No to nie pozostaje Ci nic innego jak czekać, ale jeśli w 22 dc miałaś taki wynik to owu musiała być 7-8 dni wcześniej więc spokojnie za 5 dni możesz testować
Anderka dzięki:) jutro zatestuję, badania robiłam we wtorek, więc jutro (28 dc) chyba będzie ok. Ten progesteron daje mi nadzieję, bo w cyklu bez wspomagaczy wynosił jedynie 10,4.
Gdybym miała jakiś w domu to pewnie już bym go zrobiła, ale jak na złość nie mam akurat! :) póżniej kupię i do rana się wstrzymam.. może moja cierpliwość zostanie nagrodzona :D to już 14 cykl starań..
stosuje ktoś takie coś? lub słyszałyście o tym? „zegarek” płodności", bada zawartość soli. W okresie przed owulacyjnym dochodzi do stężenia jonów chloru, wykrycie go wskazuje, że za 4 do 6 dni nastąpi owulacja.
Zegarek płodności jest rodzajem biosensora, który noszony na nadgarstku pozwala zbadać zwartość soli, a w szczególności chlorku, sodu i potasu, które jest zawarte w wydzielanym pocie. Oczywiście w momencie wskazania szczytowej płodności warto zabrać się do pracy nad spłodzeniem potomka.
Hej. Dagnow: GRATULACJE Andźka: myślę, że też mogę Tobie GRATULOWAĆ
Dziś 21 dc, zrobiłam test ciążowy o czułości 10 i oczywiście jedna kreska. Owulację miałam jakoś w 13 dc (monitoring) Już 8 miesięcy starań i nic :( tracę entuzjazm i wiarę. Mąż ma trochę mało ruchliwe plemniki tj. A+B = 32% czyli na granicy. Je od miesiąca L-Karnitynę 1000, Folik, ProMen, Olej rekina i witaminki. Nie wiem czy to coś pomoże. Mam wrażenie, że to mało co daje. Mój M ma 30 lat, nigdy nie palił, nie pije i zdrowo zawsze się odżywia a mimo tego nasienie nie najlepsze (choć tragedii nie ma) Mam 33 lata. W tym cyklu, zaraz praktycznie od owulacji (nie widział lekarz samego pęknięcia bo akurat przypadał weekend, ale był dojrzały 22 mm pęcherzyk w 12 dc) BOLĄ mnie okropnie piersi, także budzi mnie ból w nocy.
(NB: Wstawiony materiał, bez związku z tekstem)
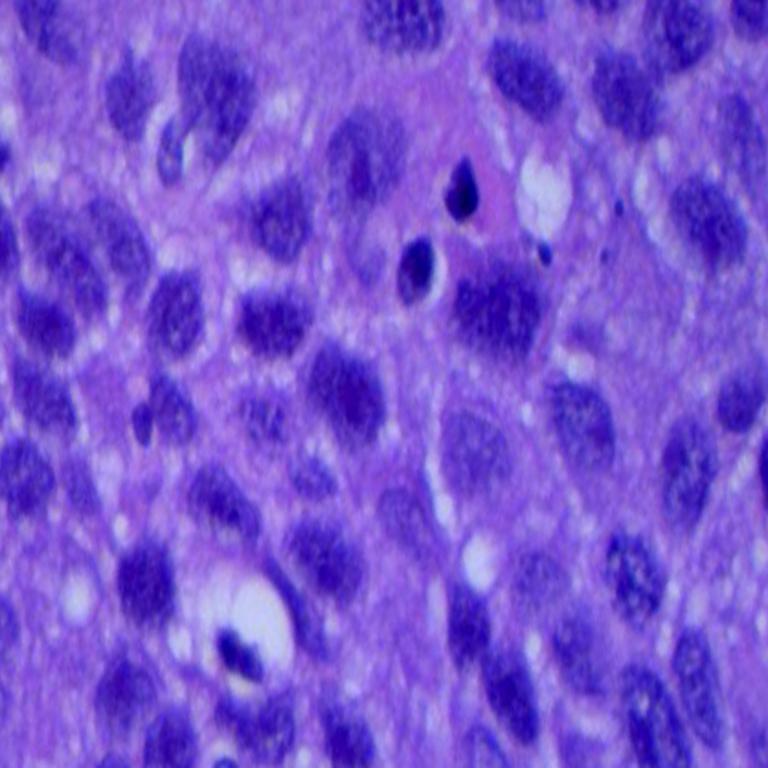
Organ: lung
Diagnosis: squamous carcinomas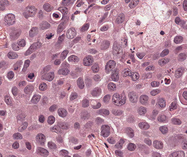
Tumor epithelial tissue: yes
Tumor-associated stroma tissue: no
Normal tissue: no

Całe nabrzmiałe i pod wpływem ściśnięcia brodawek wydobywa się kropla jakby siary. Dlatego zrobiłam ten test teraz z nadzieją. A może to po prostu nadmiar prolaktyny..?? miała któraś z Was tak? Do tej pory lekarz sam mi nie zlecił badań hormonów. Cykle mam dość regularne, ale bardzo obfite, długie i bolesne miesiączki. Przed ostatnim @ miałam 3 dni brunatnych plamień. Takie odczucia nie występują przy każdym cyklu (w przeciągu pół roku może tak miałam ze dwa razy) Może to jakaś niedomoga lutealna?? Kiedy powinno badać się przy takim podejrzeniu prolaktynę i progesteron??
Buba nawet gdyby miała byc to ciąża to za wcześnie na siare. Zrobiłabym koniecznie badanie prolaktyny bo raczej to ona spowodowała takie objawy. Nie trać entuzjazmu. Ja 13 cykli staram się, jutro pewnie zacznę 14 i po chwilach załamania we wcześniejszych cyklach nastał okres zobojętnienia. Wyluzuj i nie podchodz do serduszek jak do czegoś zaplanowanego i koniecznego do zrobienia. Znudzi Was sex, który będzie kojarzył sie tylko z ,,robieniem dziecka". Uwież bo ja juz ten etap przeszłam. Masakra.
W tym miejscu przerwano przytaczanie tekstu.